_Task to complete_
State how many lines of the entries below hold the word "pitchs"; reply with nothing but the number.

_Data supplied_
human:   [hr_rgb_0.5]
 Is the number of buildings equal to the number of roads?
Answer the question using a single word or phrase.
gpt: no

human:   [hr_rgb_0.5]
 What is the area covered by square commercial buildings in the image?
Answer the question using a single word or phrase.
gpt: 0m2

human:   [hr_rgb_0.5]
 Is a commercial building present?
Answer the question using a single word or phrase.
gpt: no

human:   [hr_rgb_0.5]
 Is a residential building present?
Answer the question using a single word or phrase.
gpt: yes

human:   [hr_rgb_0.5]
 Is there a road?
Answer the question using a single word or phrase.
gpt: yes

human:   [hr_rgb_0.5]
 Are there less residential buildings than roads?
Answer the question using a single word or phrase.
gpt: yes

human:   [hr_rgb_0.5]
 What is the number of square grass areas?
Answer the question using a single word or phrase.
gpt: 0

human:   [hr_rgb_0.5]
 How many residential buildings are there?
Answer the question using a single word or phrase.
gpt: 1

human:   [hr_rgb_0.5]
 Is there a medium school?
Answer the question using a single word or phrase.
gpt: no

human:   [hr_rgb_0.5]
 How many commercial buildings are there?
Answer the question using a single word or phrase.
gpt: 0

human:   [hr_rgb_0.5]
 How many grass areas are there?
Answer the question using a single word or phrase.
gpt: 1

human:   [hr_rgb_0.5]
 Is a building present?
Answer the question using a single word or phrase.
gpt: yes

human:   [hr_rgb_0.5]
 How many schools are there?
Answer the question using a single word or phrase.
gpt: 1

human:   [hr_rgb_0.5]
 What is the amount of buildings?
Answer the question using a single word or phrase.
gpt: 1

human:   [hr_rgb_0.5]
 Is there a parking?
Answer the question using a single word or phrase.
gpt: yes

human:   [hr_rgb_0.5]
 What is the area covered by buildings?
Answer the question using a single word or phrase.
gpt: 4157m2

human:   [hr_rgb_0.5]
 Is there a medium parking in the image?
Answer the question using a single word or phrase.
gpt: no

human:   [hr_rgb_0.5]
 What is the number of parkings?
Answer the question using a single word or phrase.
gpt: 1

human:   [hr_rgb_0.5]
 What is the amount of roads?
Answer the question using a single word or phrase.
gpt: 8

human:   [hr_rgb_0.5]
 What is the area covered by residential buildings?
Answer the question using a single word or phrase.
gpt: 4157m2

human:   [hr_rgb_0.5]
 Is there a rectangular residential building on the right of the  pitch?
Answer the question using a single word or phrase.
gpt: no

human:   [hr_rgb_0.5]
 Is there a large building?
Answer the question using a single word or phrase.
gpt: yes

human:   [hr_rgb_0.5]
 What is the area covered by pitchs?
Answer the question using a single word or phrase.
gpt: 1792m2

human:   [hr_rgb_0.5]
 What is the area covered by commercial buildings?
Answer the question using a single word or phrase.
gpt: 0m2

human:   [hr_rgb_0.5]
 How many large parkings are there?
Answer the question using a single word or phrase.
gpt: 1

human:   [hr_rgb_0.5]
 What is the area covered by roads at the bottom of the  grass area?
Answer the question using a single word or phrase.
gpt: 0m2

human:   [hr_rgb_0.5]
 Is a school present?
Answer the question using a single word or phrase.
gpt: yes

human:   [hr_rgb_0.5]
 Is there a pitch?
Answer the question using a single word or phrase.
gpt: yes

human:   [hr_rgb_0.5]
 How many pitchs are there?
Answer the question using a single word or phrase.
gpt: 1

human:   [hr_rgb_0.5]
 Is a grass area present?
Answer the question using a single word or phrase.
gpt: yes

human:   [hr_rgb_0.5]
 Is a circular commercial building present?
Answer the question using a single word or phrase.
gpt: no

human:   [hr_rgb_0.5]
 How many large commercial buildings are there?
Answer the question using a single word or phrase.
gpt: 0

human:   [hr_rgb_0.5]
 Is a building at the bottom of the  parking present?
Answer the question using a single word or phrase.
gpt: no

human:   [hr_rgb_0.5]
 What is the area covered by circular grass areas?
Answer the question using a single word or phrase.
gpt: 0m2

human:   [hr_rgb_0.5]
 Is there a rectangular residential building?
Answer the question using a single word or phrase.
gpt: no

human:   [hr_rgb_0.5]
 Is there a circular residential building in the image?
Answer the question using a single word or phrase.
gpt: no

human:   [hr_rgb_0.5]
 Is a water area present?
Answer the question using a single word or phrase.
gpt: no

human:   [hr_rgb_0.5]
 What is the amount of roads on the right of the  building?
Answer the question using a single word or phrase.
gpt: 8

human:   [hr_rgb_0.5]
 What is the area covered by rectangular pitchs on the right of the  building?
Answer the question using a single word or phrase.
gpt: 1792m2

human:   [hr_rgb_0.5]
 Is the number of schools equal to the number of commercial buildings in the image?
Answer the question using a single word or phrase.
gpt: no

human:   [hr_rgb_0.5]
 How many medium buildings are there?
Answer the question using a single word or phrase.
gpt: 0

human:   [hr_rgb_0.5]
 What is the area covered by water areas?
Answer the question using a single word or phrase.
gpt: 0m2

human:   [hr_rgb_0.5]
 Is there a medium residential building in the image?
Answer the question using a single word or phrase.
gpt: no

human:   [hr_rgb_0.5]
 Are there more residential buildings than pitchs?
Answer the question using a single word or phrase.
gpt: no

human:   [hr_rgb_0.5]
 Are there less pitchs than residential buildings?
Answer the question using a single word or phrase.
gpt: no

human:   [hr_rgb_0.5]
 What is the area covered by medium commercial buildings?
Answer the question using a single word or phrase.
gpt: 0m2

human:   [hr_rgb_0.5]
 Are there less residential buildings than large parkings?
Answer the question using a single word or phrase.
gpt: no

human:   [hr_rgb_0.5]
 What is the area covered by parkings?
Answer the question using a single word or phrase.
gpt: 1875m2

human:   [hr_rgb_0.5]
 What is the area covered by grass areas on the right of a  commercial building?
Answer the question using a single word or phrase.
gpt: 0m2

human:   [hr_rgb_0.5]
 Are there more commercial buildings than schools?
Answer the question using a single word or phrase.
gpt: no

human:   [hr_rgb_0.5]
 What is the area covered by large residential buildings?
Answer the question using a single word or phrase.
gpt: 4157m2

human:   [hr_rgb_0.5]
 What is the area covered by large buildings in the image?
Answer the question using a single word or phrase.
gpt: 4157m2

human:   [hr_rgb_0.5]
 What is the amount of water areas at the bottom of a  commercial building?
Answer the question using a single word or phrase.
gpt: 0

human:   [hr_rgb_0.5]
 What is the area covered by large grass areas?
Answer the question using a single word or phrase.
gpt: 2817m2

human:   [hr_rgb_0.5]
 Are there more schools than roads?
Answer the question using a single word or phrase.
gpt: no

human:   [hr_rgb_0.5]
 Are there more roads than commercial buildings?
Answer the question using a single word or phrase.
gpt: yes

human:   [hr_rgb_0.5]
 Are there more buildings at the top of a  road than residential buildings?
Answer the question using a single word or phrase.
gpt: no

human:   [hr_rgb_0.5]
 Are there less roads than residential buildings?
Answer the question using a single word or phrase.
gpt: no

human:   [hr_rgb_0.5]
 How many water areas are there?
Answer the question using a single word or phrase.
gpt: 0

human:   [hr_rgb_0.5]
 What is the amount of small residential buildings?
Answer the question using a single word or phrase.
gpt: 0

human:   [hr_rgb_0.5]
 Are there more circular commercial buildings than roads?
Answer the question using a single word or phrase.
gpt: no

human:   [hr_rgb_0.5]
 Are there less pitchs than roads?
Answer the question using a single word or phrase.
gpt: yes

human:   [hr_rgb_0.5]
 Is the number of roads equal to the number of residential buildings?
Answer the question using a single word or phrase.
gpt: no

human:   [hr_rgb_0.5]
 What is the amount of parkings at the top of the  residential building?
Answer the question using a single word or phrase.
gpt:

_Problem solution_
6